Beginning with a Silicon Valley outpost in the early 2000s, Microsoft built a network of such showcase venues that have evolved along with Microsoft’s ambitions.

Amid a stagnant personal-computer market hampering Microsoft’s giant Windows and Office franchises, the company is keen to advertise its aims to move toward cloud-computing, the technological shift that has many businesses opting to rent software and processing power from the likes of Amazon.com and Microsoft rather than use their own servers.

Microsoft’s range of corporate-focused offerings, including wonky products like server software and data-crunching tools, don’t lend themselves to the tidy packaging found at the likes of Bellevue Square’s Microsoft Store. In many cases, getting started with those business products requires a hand from Microsoft or one of the company’s network of software resellers.

A staff of about 10 technologists and salespeople is on hand at the technology center in Bellevue to help with that. The 18,000-square-foot space features a large demonstration room — or “envisioning center” in Microsoft parlance — designed to show how Microsoft software can be used in a variety of settings, from home to office to retail space.

There’s also a 100-person conference room, which Perry says is built to house large contingents like a visiting Boeing information-technology team. Five racks of servers hum in an interior room, offering potential customers the ability to simulate running their own data centers or experiment with products from Microsoft’s cloud.

Unlike at Microsoft’s network of retail stores, though, not just anyone can walk in off the street. The centers are open, by appointment, to large business and government customers that deal directly with Microsoft’s sales staff. Workshops and events are open to the public.

Microsoft’s technology centers tend to be tailored to the local industry. A new Houston outpost, opened early this year, caters to the oil and gas business, while a New York facility is focused on financial services, and Minneapolis, home to Target and Best Buy, touts retail.

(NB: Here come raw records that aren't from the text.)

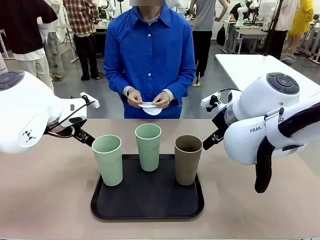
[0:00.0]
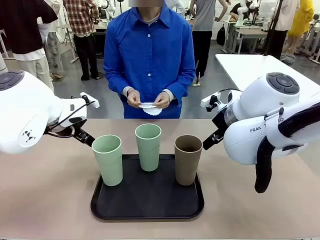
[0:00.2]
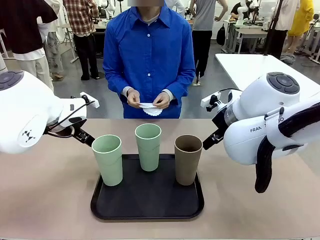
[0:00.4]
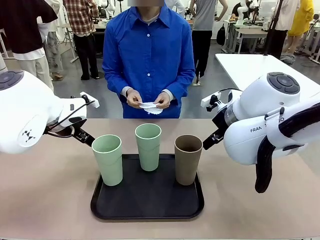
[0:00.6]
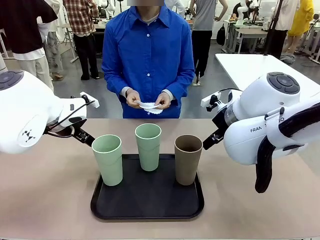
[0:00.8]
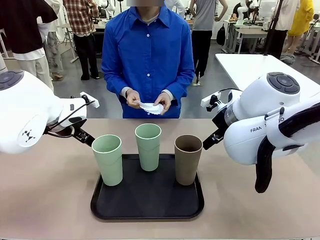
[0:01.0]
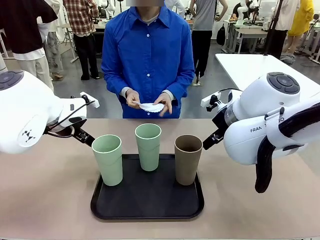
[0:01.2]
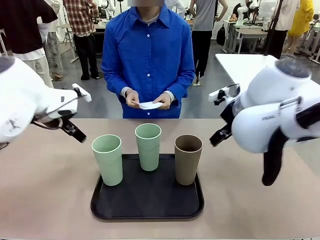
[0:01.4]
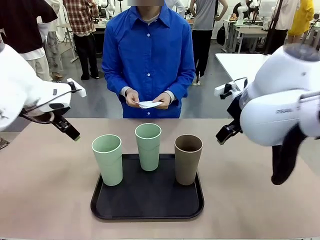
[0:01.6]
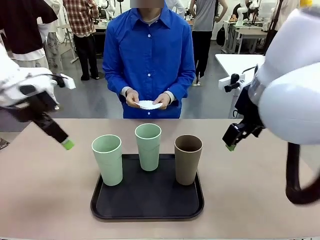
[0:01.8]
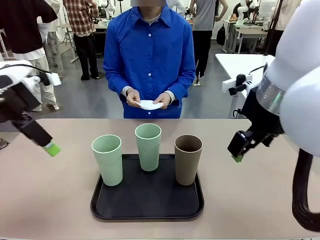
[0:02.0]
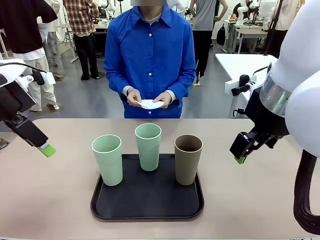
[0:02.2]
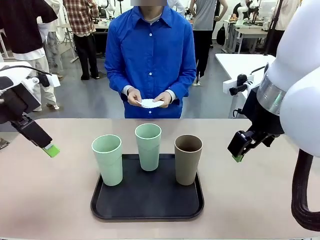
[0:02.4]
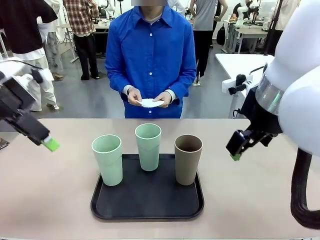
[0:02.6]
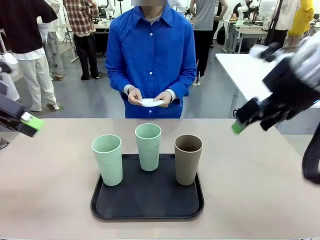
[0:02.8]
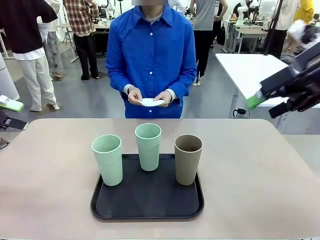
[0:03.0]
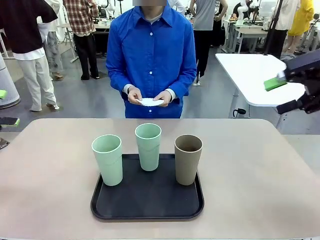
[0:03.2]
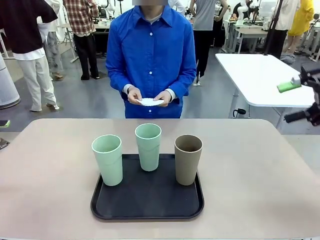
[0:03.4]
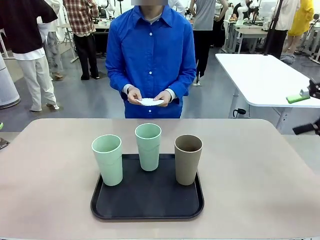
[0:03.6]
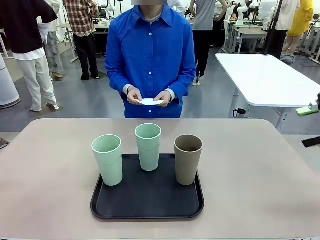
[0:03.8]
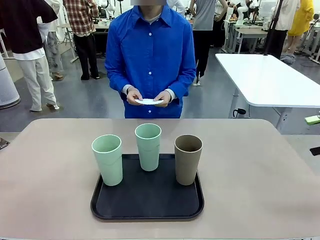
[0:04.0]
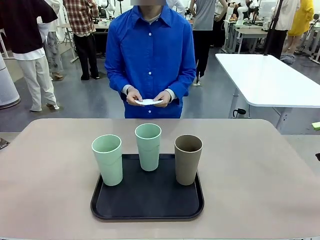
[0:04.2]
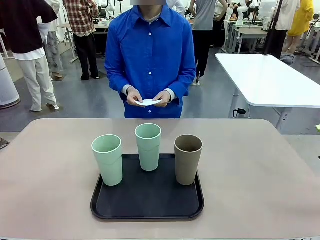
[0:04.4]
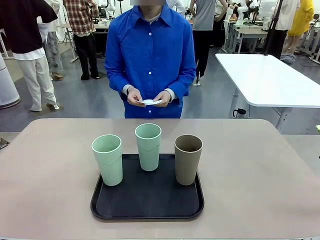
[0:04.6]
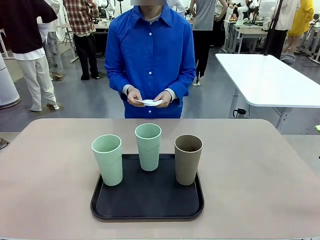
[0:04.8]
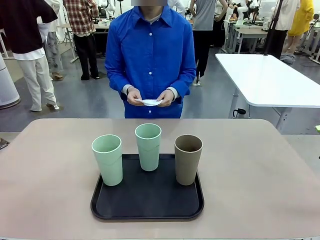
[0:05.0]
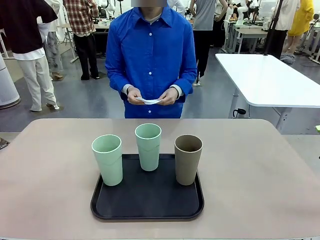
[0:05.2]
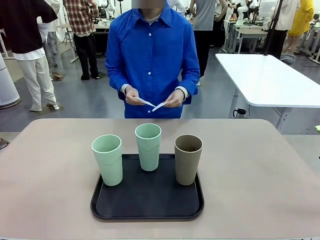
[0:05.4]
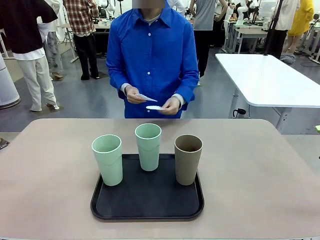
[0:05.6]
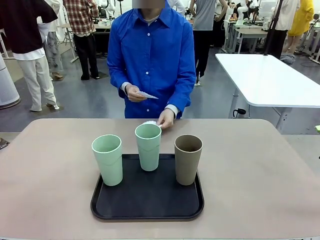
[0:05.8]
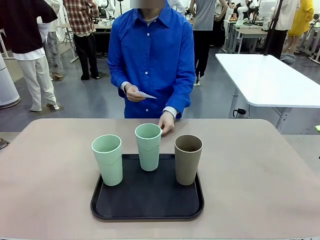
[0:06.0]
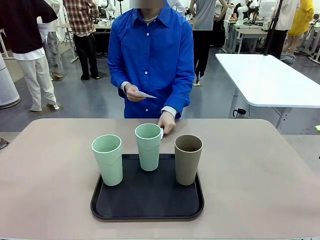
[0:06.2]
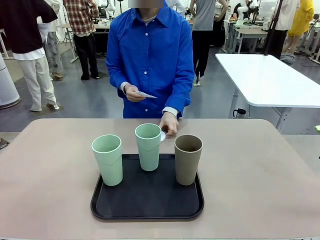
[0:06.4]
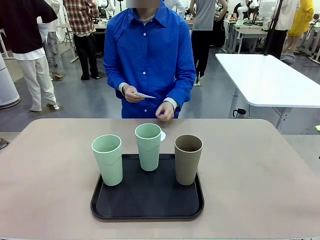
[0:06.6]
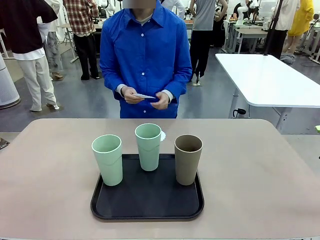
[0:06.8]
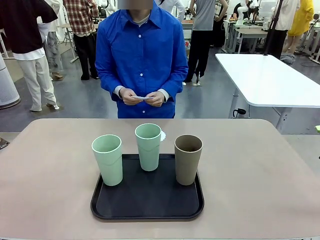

Perry said the Bellevue center aims a bit broader, reflecting the diverse business community in the Puget Sound region. Areas of focus include health care, manufacturing and retail.

The goal, Perry says, is to tailor demonstrations for what a customer might need, “so they actually leave here with a plan to go do it.”

Understanding what’s being said

Microsoft says its researchers are one step closer to building software that understands speech as well as humans do.

Researchers at the Redmond company say their conversational speech-recognition system, in an industry benchmark test, has achieved a word error rate of just 6.3 percent.

IBM recently touted an error rate of 6.6 percent, Microsoft said. Just a few years ago, the technology industry couldn’t do better than a 10 percent error rate.

Software that can fully understand human speech, some technologists say, will enable a next generation of interaction with machines, one that doesn’t require a keyboard, mouse or touch.

Early examples of that are in the limited tasks people can ask digital assistants to perform, like searching the web with Google’s Now, asking Microsoft’s Cortana to make a calendar appointment, or prompting Amazon.com’s Alexa to turn on music.

Microsoft says its progress was aided by the use of deep neural networks, or software inspired by the brain’s wiring that is better able to detect patterns in speech. Another component, it says, is using powerful graphics-processing units, originally designed for high-performance computer graphics for video games and other applications, to speed up the algorithms that underlie speech recognition.

“This new milestone benefited from a wide range of new technologies developed by the (artificial intelligence) community from many different organizations over the past 20 years,” Xuedong Huang, Microsoft’s chief speech scientist, said in a blog post.

The research, by Huang and seven others, was published Tuesday.